If a new function is returned as result, will it be anyway curried?
Usually, in lambda-calculus all functions have 1 arguments. Functions that take two arguments (not a tuple) are functions which take 1 argument and return another functions. If you look at the problem from this point of view you will understand that -> is right-associative.
Yes, they are the same. The arrow is a right-associative infix constructor, which is why the parentheses are redundant on the right.
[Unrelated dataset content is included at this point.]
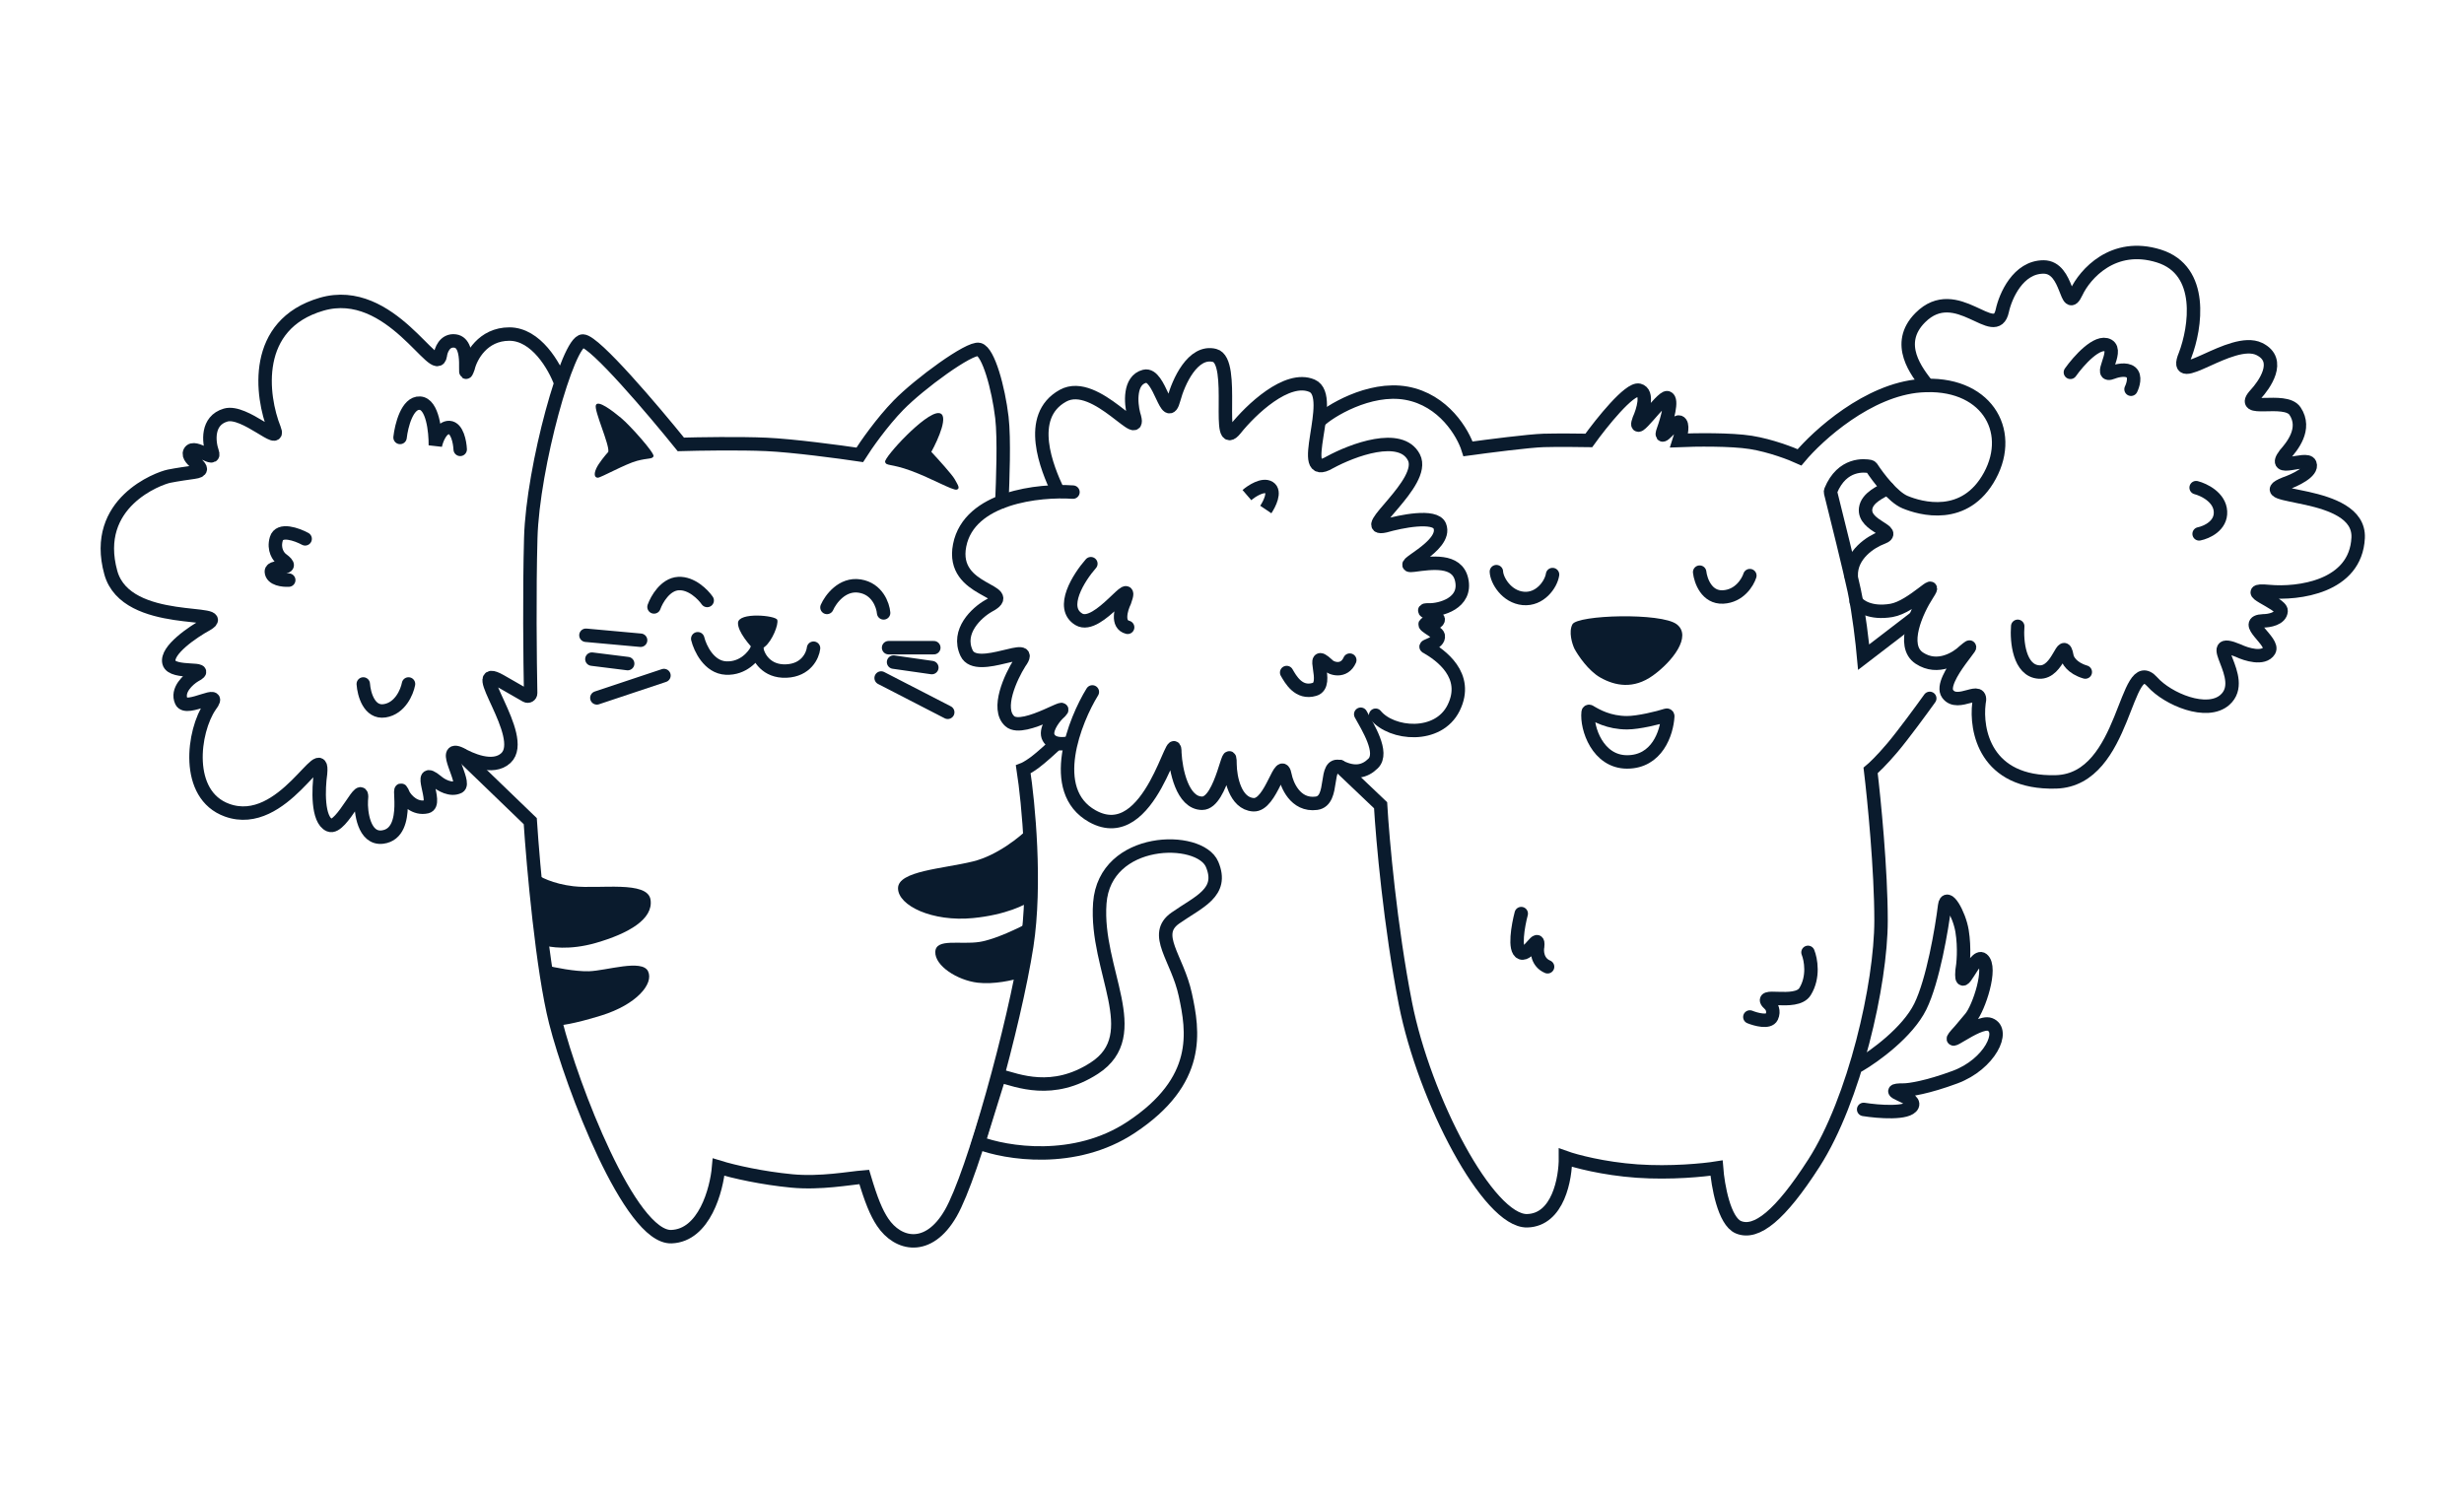 <?xml version="1.0" encoding="UTF-8"?> <svg xmlns="http://www.w3.org/2000/svg" width="550" height="333" viewBox="0 0 550 333" fill="none"><path d="M164.733 139.045C164.644 140.998 167.358 144.149 168.726 145.481C168.874 145.591 169.392 145.436 170.723 144.371C172.387 143.04 173.829 139.378 173.496 138.379C173.163 137.381 164.844 136.604 164.733 139.045Z" fill="#0A1B2D"></path><path d="M133.118 104.537C133.65 103.383 135.114 101.615 135.78 100.875C136.113 99.322 132.563 91.665 133.007 90.445C133.45 89.224 136.668 91.665 138.664 93.33C140.661 94.994 146.208 101.208 145.875 101.874C145.542 102.539 144.766 102.206 142.214 102.872C139.663 103.538 134.116 106.645 133.45 106.645C132.785 106.645 132.452 105.979 133.118 104.537Z" fill="#0A1B2D"></path><path d="M198.345 144.592H208.44" stroke="#0A1B2D" stroke-width="3" stroke-linecap="round"></path><path d="M199.455 147.811L207.997 149.031" stroke="#0A1B2D" stroke-width="3" stroke-linecap="round"></path><path d="M196.682 151.36L211.547 159.016" stroke="#0A1B2D" stroke-width="3" stroke-linecap="round"></path><path d="M184.589 135.605C185.402 133.756 188.006 130.213 191.91 130.834C195.815 131.455 197.087 135.087 197.235 136.826" stroke="#0A1B2D" stroke-width="3" stroke-linecap="round"></path><path d="M145.985 135.493C146.577 133.829 148.492 130.456 151.421 130.278C154.35 130.101 156.931 132.719 157.855 134.051" stroke="#0A1B2D" stroke-width="3" stroke-linecap="round"></path><path d="M155.747 142.595C156.265 144.703 158.254 148.964 162.07 149.141C165.886 149.319 168.245 146.478 168.948 145.036C169.281 146.7 171.056 149.985 175.493 149.807C179.93 149.629 181.409 146.33 181.594 144.703" stroke="#0A1B2D" stroke-width="3" stroke-linecap="round"></path><path d="M130.788 141.818L142.991 142.928" stroke="#0A1B2D" stroke-width="3" stroke-linecap="round"></path><path d="M132.119 147.145L140.106 148.143" stroke="#0A1B2D" stroke-width="3" stroke-linecap="round"></path><path d="M89.299 97.658C89.595 95.032 90.896 89.824 93.736 90.001C96.576 90.179 97.212 96.363 97.175 99.433C97.471 98.064 98.506 95.35 100.281 95.438C102.056 95.527 102.648 98.73 102.722 100.321" stroke="#0A1B2D" stroke-width="3" stroke-linecap="round"></path><path d="M68.112 120.293C66.263 119.294 62.388 117.896 61.678 120.293C60.968 122.69 62.195 124.324 62.898 124.842C66.662 127.616 60.48 125.93 60.568 127.616C60.657 129.303 63.194 129.576 64.451 129.503" stroke="#0A1B2D" stroke-width="3" stroke-linecap="round"></path><path d="M81.09 152.691C81.238 154.911 82.399 159.216 85.86 158.683C89.321 158.151 90.852 154.467 91.185 152.691" stroke="#0A1B2D" stroke-width="3" stroke-linecap="round"></path><path d="M223.638 111.97C223.822 107.421 224.204 97.995 223.638 93.204C222.862 86.644 220.642 78.572 218.534 78.017C216.427 77.462 205.223 85.673 200.563 90.444C196.836 94.261 193.242 99.431 191.911 101.54C187.437 100.874 177.001 99.476 171.055 99.21C165.11 98.943 155.858 99.099 151.975 99.21C145.8 91.553 132.784 76.219 130.122 76.13C126.794 76.019 118.918 104.203 118.474 120.07C118.138 132.071 118.305 147.465 118.449 154.735C118.46 155.253 117.901 155.58 117.451 155.322L111.707 152.026C103.61 147.463 118.031 164.439 112.927 169.224C110.002 171.966 104.718 169.409 102.833 168.336C98.174 166.104 104.164 174.772 102.389 175.66C100.614 176.547 98.395 175.216 97.508 174.439C92.628 170.431 97.951 179.477 95.289 180.098C92.627 180.719 90.704 178.582 90.076 177.435C88.08 172.664 92.184 185.965 85.416 186.866C81.189 187.429 80.498 181.097 80.646 178.766C81.313 172.983 76.298 185.357 73.547 184.203C70.796 183.049 71.069 176.03 71.55 172.664C72.327 164.217 63.269 185.409 50.694 180.875C41.155 177.435 43.04 163.195 46.923 157.573C50.141 153.344 41.642 159.06 40.489 156.575C39.335 154.089 42.005 151.693 43.484 150.805C47.59 148.683 38.425 150.672 37.715 147.92C37.005 145.168 43.04 141.078 46.146 139.376C52.359 135.701 28.198 140.353 24.736 127.837C20.41 112.192 35.497 106.755 37.715 106.311C39.49 105.956 42.153 105.571 43.262 105.423C47.367 104.876 41.398 102.738 42.375 100.874C43.351 99.01 48.333 103.634 47.367 100.874C46.59 98.655 46.102 93.906 50.362 92.663C54.621 91.42 62.869 99.862 61.233 95.77C58.275 88.373 56.241 72.447 71.772 67.919C87.302 63.392 97.398 84.882 98.284 79.348C98.395 78.276 99.239 75.799 101.612 76.13C105.496 76.672 103.055 86.117 104.496 82.122C105.088 79.607 107.758 74.577 113.704 74.577C119.65 74.577 123.769 81.702 125.174 85.548" stroke="#0A1B2D" stroke-width="3" stroke-linecap="round"></path><path d="M218.645 210.279C222.107 209.747 227.556 207.098 229.85 205.841C229.85 206.995 228.519 214.606 227.854 218.268C226.152 218.823 221.84 219.822 218.202 219.378C213.653 218.823 208.661 215.605 208.772 212.498C208.883 209.391 214.319 210.945 218.645 210.279Z" fill="#0A1B2D"></path><path d="M131.453 216.826C128.347 216.914 123.725 215.975 121.802 215.494C121.802 218.246 123.355 225.591 124.131 228.92C124.871 228.993 127.925 228.653 134.226 226.7C142.102 224.259 145.985 219.6 144.654 216.826C143.323 214.052 135.335 216.715 131.453 216.826Z" fill="#0A1B2D"></path><path d="M128.014 197.852C123.4 197.319 120.397 195.706 119.473 194.967C119.473 198.162 120.582 206.95 121.137 210.945C122.653 211.5 127.149 212.187 133.006 210.501C140.328 208.393 145.874 205.175 145.209 200.848C144.543 196.52 133.783 198.517 128.014 197.852Z" fill="#0A1B2D"></path><path d="M236.062 165.785C234.915 166.858 232.291 169.247 230.959 170.223C229.628 171.2 228.703 171.666 228.408 171.777C229.553 179.174 231.314 197.408 229.184 211.167C226.522 228.365 217.203 262.207 212.211 270.862C207.219 279.517 200.416 277.95 197.014 272.846C195.594 270.715 194.463 267.964 192.91 262.749C189.619 263.008 183.192 264.258 176.714 263.636C170.235 263.015 163.882 261.615 160.406 260.543C159.962 265.609 157.233 275.811 149.867 276.077C140.66 276.41 127.681 242.568 124.02 228.143C121.091 216.604 119.028 193.451 118.362 183.317L102.832 168.337" stroke="#0A1B2D" stroke-width="3"></path><path d="M414.996 237.796C418.36 235.836 425.801 230.472 428.641 224.703C431.481 218.933 433.446 207.283 434.076 202.179C434.46 199.058 437.338 204.02 437.959 207.837C438.58 211.654 438.216 215.345 437.959 216.714C437.515 222.47 440.732 212.742 442.507 214.162C444.726 215.937 441.731 225.035 439.845 227.255C438.336 229.03 437.662 229.844 437.515 230.029C432.523 235.452 441.327 227.632 444.171 228.697C447.721 230.029 444.171 237.574 436.406 240.459C430.194 242.767 426.2 243.343 424.98 243.343C419.212 243.343 427.753 244.83 426.866 246.783C425.978 248.736 419.247 248.19 415.994 247.671" stroke="#0A1B2D" stroke-width="3" stroke-linecap="round"></path><path d="M252.481 251.665C239.879 260.009 224.526 257.435 218.424 255.105L223.084 240.126C227.189 241.235 234.954 244.497 244.272 238.461C255.92 230.916 244.383 216.603 245.492 201.624C246.602 186.644 267.81 186.428 270.563 192.968C273.225 199.293 267.568 201.29 262.354 204.952C257.14 208.614 262.798 213.828 264.573 222.04C266.347 230.25 268.233 241.235 252.481 251.665Z" stroke="#0A1B2D" stroke-width="3"></path><path d="M278.328 110.527C279.4 109.603 281.9 107.975 283.32 108.863C284.74 109.751 283.393 112.488 282.544 113.745" stroke="#0A1B2D" stroke-width="3"></path><path d="M243.496 125.841C240.796 128.911 236.485 135.694 240.833 138.268C245.182 140.842 253.479 127.491 251.039 134.274C250.225 135.938 249.22 139.422 251.705 140.043" stroke="#0A1B2D" stroke-width="3" stroke-linecap="round"></path><path d="M287.202 150.14C288.09 151.656 289.865 154.964 293.414 153.899C296.964 152.833 291.972 144.356 296.299 148.351C297.113 149.312 300.048 150.206 301.29 147.366" stroke="#0A1B2D" stroke-width="3" stroke-linecap="round"></path><path d="M236.063 109.516C233.807 104.707 228.852 92.983 237.281 88.336C244.711 84.241 255.476 100.084 253.036 92.442C252.406 90.001 252.015 84.897 255.476 84.009C258.937 83.121 260.437 95.091 262.021 89.113C263.019 85.341 266.236 78.106 271.117 79.349C275.998 80.591 271.117 101.608 275.777 95.77C279.14 91.554 287.269 83.721 292.86 86.117C298.451 88.514 288.756 107.962 296.854 103.205C301.881 100.468 312.673 96.414 315.601 102.095C318.53 107.776 302.622 118.836 309.167 117.407C312.641 116.409 320.32 114.826 321.37 117.407C323.255 122.054 310.831 126.809 315.601 126.173C319.484 125.655 325.199 124.784 326.251 129.377C327.471 134.703 321.481 136.233 318.929 136.159C315.934 136.072 321.303 137.579 321.037 138.378C320.771 139.177 319.519 139.229 318.929 139.155C316.267 139.155 320.848 140.92 321.037 141.915C321.37 143.691 317.487 144.245 318.485 144.467C321.443 146.169 328.063 150.738 324.476 158.018C321.037 164.995 310.609 163.996 307.059 159.669" stroke="#0A1B2D" stroke-width="3" stroke-linecap="round"></path><path d="M238.614 165.882C237.21 166.141 234.953 166.273 234.066 164.675C233.178 163.077 235.026 160.533 236.063 159.46C240.389 155.563 228.519 163.765 225.413 161.013C222.307 158.262 225.597 151.138 227.632 147.92C231.625 142.47 218.069 150.694 215.761 145.812C213.454 140.93 218.054 136.75 220.642 135.271C227.632 131.596 212.078 132.475 214.208 121.734C216.338 110.994 231.958 109.344 239.501 109.862" stroke="#0A1B2D" stroke-width="3" stroke-linecap="round"></path><path d="M303.732 159.446C305.323 162.331 308.919 168.033 306.505 170.431C304.622 172.304 302.29 172.747 299.184 171.208C295.301 169.973 298.075 178.753 293.859 179.321C289.069 179.967 287.203 174.994 286.87 173.219C285.912 168.115 283.853 179.921 279.771 179.654C275.688 179.388 274.592 173.552 274.557 170.667C274.557 164.55 272.782 179.321 268.345 179.321C263.908 179.321 262.428 171.85 262.244 168.115C262.244 160.889 256.919 189.516 243.829 182.206C233.565 176.476 239.982 160.68 243.829 154.467" stroke="#0A1B2D" stroke-width="3" stroke-linecap="round"></path><path d="M357.2 151.249C354.538 149.74 352.244 146.33 351.432 144.813C350.913 143.704 350.1 141.063 350.988 139.376C352.097 137.268 370.845 136.713 374.284 139.376C377.723 142.039 373.285 147.698 368.959 150.805C364.633 153.912 360.528 153.135 357.2 151.249Z" fill="#0A1B2D"></path><path d="M334.016 127.615C334.089 129.538 336.279 133.238 340.006 133.593C343.733 133.948 346.218 130.486 346.551 128.267" stroke="#0A1B2D" stroke-width="3" stroke-linecap="round"></path><path d="M379.387 127.726C379.609 129.649 380.962 133.451 384.601 133.273C388.239 133.096 390.109 130.019 390.591 128.502" stroke="#0A1B2D" stroke-width="3" stroke-linecap="round"></path><path d="M390.592 227.034C391.958 227.589 394.852 228.366 395.473 227.034C396.094 225.703 395.435 224.631 395.029 224.26C391.701 221.236 400.864 224.66 402.905 221.376C404.946 218.092 404.199 214.164 403.571 212.61" stroke="#0A1B2D" stroke-width="3" stroke-linecap="round"></path><path d="M363.189 161.346C359.12 161.346 356.36 159.762 354.815 158.835C354.682 158.755 354.509 158.834 354.494 158.989C354.099 162.548 356.628 170.098 363.189 170.098C369.856 170.098 372.052 163.675 372.272 159.883C372.283 159.727 372.127 159.614 371.979 159.664C370.188 160.256 365.698 161.346 363.189 161.346Z" stroke="#0A1B2D" stroke-width="3"></path><path d="M430.748 155.91C428.973 158.388 424.825 164.054 422.428 166.895C420.032 169.736 418.175 171.481 417.547 171.999C418.324 178.435 419.877 194.146 419.877 205.508C419.877 219.711 413.953 245.544 404.901 259.642C397.358 271.39 392.033 275.633 388.04 273.969C384.845 272.637 383.454 264.611 383.159 260.765C380.385 261.209 372.953 261.963 365.41 261.431C357.866 260.898 351.616 259.212 349.435 258.435C349.471 263.057 347.816 272.349 340.894 272.526C332.241 272.748 317.931 245.453 313.715 224.038C310.343 206.906 308.612 187.385 308.169 179.766L299.072 171.111" stroke="#0A1B2D" stroke-width="3" stroke-linecap="round"></path><path d="M339.562 203.954C338.859 206.617 337.876 212.098 339.562 212.72C341.248 213.341 343.556 208.046 343.223 211.277C343.001 212.387 343.134 214.85 345.441 215.827" stroke="#0A1B2D" stroke-width="3" stroke-linecap="round"></path><path d="M450.383 139.82C450.123 143.112 450.715 149.762 455.153 150.028C459.59 150.295 460.477 141.693 461.365 146.478C461.476 147.291 462.452 149.141 465.469 150.028" stroke="#0A1B2D" stroke-width="3" stroke-linecap="round"></path><path d="M490.208 108.864C491.945 109.308 495.466 110.995 495.644 114.19C495.821 117.386 492.538 118.85 490.874 119.183" stroke="#0A1B2D" stroke-width="3" stroke-linecap="round"></path><path d="M462.143 83.122C463.953 80.57 468.177 75.799 470.573 77.13C472.97 78.462 468 84.551 471.572 83.122C472.495 82.752 474.611 82.235 475.676 83.122C476.741 84.01 476.12 86.007 475.676 86.895" stroke="#0A1B2D" stroke-width="3" stroke-linecap="round"></path><path d="M414.331 134.272C414.997 135.271 417.504 137.068 422.207 136.269C426.911 135.471 433.012 128.378 430.194 132.719C427.865 136.307 424.248 144.17 428.419 146.921C432.59 149.673 436.888 146.834 438.403 145.354C443.173 141.346 432.435 151.701 434.743 154.897C437.05 158.092 442.73 152.567 441.731 157.005C440.992 162.923 443.04 174.994 458.926 174.55C474.811 174.106 474.197 145.257 480.446 152.247C483.885 156.094 492.649 159.779 496.642 156.228C502.083 151.391 491.096 141.693 499.638 145.257C501.413 146.108 505.273 147.299 506.515 145.257C507.758 143.215 500.081 138.808 505.184 138.6C506.478 138.6 509.089 138.156 509.178 136.38C509.267 134.605 499.194 131.376 506.515 132.053C512.912 132.645 525.84 131.077 526.372 120.07C526.905 109.063 500.969 111.623 510.065 107.975C512.208 107.236 516.322 105.312 515.612 103.537C514.902 101.762 506.737 105.853 510.065 101.429C511.543 99.727 514.946 95.756 512.284 91.775C510.032 88.41 499.334 92.538 503.52 88.003C505.295 86.079 509.497 80.426 504.297 77.906C498.085 74.896 484.44 87.213 487.768 79.237C490.06 73.209 492.094 60.352 481.889 57.157C471.683 53.961 465.36 61.225 463.474 65.256C461.04 70.458 461.832 59.598 456.152 59.598C450.473 59.598 447.646 66.107 446.945 69.362C445.39 76.561 436.739 62.802 428.641 70.902C422.76 76.784 427.976 83.121 430.194 86.006" stroke="#0A1B2D" stroke-width="3" stroke-linecap="round"></path><path d="M294.523 93.981C296.482 91.984 305.594 86.272 313.937 87.781C322.279 89.29 326.583 96.695 327.692 100.208C331.981 99.617 341.359 98.411 344.554 98.322C347.749 98.233 352.614 98.285 354.648 98.322C357.495 94.364 363.723 86.583 365.853 87.115C367.982 87.648 366.74 91.701 365.853 93.662C364.189 98.322 370.933 88.425 372.176 88.78C373.418 89.135 372.1 93.736 371.288 95.992C370.052 99.418 373.862 93.862 374.838 94.217C375.814 94.572 375.244 97.102 374.838 98.322C378.312 98.174 386.375 98.056 390.812 98.766C395.25 99.476 399.909 101.281 401.684 102.095C405.824 97.138 417.014 87.004 428.64 86.117C443.172 85.007 449.717 95.992 444.17 106.2C438.624 116.408 428.64 113.523 425.201 112.081C422.537 110.963 419.242 106.635 417.793 104.414C417.704 104.278 417.573 104.178 417.414 104.146C416.253 103.911 411.215 103.29 408.641 109.548C408.588 109.677 408.577 109.819 408.612 109.954C409.966 115.336 412.834 126.923 413.886 131.831C414.951 136.802 415.734 143.815 415.994 146.7L427.42 137.934" stroke="#0A1B2D" stroke-width="3" stroke-linecap="round"></path><path d="M421.319 108.975C419.988 109.751 416.771 111.047 416.438 113.51C415.883 117.616 424.092 118.547 419.988 120.07C417.694 120.921 413.043 123.807 413.221 128.6" stroke="#0A1B2D" stroke-width="3" stroke-linecap="round"></path><path d="M217.204 192.305C222.618 190.973 227.817 186.72 229.74 184.76C230.361 188.399 230.368 197.076 230.295 200.96C228.964 201.995 224.482 204.244 217.204 204.954C208.107 205.842 200.453 202.18 200.453 198.297C200.453 194.413 210.437 193.969 217.204 192.305Z" fill="#0A1B2D"></path><path d="M133.229 155.8L148.204 150.807" stroke="#0A1B2D" stroke-width="3" stroke-linecap="round"></path><path d="M213.099 106.977C212.566 106 209.401 102.501 207.885 100.874C209.438 98.063 211.945 92.397 209.549 92.219C206.554 91.998 197.347 102.095 197.568 103.093C197.79 104.092 198.789 103.426 203.337 105.091C207.885 106.755 212.655 109.529 213.543 109.307C214.43 109.085 213.764 108.197 213.099 106.977Z" fill="#0A1B2D"></path></svg>

It is perhaps helpful to realise that
let f x y z = e
is simply syntactic sugar for
let f = fun x -> fun y -> fun z -> e
Everything else follows form there.
Well yes, they are the same.
You can try it out, just type in
let f x y = x + y + 1;;
val f : int -> int -> int = <fun>
# let g = f 1;;
val g : int -> int = <fun>
# let _ = List.map g [1;2;3];; (* would do the same with (f 1) instead of g *)
- : int list = [3; 4; 5]
The whole idea is that function are by default curryfied. And as a -> ( b -> c ) and a -> b -> c are equivalent, they are displayed as the lightest type possible.